[EXTRACTED DATA — start]

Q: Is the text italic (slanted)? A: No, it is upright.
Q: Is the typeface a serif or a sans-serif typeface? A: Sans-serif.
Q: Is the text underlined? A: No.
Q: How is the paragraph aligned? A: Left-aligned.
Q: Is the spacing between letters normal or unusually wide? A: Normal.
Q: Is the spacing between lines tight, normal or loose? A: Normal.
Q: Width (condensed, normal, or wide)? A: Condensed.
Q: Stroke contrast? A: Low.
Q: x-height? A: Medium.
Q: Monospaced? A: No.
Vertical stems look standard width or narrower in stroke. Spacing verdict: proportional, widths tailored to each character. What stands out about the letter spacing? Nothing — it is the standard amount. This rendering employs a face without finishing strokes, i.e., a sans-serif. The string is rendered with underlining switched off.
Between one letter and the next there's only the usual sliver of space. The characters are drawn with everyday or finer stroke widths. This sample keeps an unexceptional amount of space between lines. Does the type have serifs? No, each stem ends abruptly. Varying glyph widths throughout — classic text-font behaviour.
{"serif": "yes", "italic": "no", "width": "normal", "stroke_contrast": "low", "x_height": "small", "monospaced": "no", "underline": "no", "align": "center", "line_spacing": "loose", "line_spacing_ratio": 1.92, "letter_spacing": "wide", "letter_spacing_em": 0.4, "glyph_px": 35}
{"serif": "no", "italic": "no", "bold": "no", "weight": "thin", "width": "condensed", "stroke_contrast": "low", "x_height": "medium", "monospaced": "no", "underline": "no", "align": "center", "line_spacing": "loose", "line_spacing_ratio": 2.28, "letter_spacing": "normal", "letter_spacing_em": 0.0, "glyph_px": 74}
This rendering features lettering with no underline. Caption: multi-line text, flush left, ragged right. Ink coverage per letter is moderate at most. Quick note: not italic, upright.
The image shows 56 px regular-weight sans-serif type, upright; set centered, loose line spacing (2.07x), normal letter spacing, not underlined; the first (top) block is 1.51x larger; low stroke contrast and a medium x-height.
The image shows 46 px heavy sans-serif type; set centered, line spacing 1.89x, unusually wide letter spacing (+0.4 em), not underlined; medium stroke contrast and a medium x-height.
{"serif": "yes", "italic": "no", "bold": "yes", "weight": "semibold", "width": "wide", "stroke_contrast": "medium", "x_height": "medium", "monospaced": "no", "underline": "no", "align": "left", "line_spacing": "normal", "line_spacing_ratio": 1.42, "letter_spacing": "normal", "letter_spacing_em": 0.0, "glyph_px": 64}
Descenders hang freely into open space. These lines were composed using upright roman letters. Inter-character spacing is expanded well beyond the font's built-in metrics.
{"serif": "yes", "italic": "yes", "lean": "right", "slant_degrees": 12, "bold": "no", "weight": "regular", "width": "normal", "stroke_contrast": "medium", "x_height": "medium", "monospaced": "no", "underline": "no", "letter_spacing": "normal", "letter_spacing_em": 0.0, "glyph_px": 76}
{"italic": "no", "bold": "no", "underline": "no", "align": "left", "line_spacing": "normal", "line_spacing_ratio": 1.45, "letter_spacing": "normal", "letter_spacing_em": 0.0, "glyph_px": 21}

[EXTRACTED DATA — finish]

■ TO DO:
Wherever a line above contains the string "centered", count it; then give the total alone.

■ RESULT BELOW:
2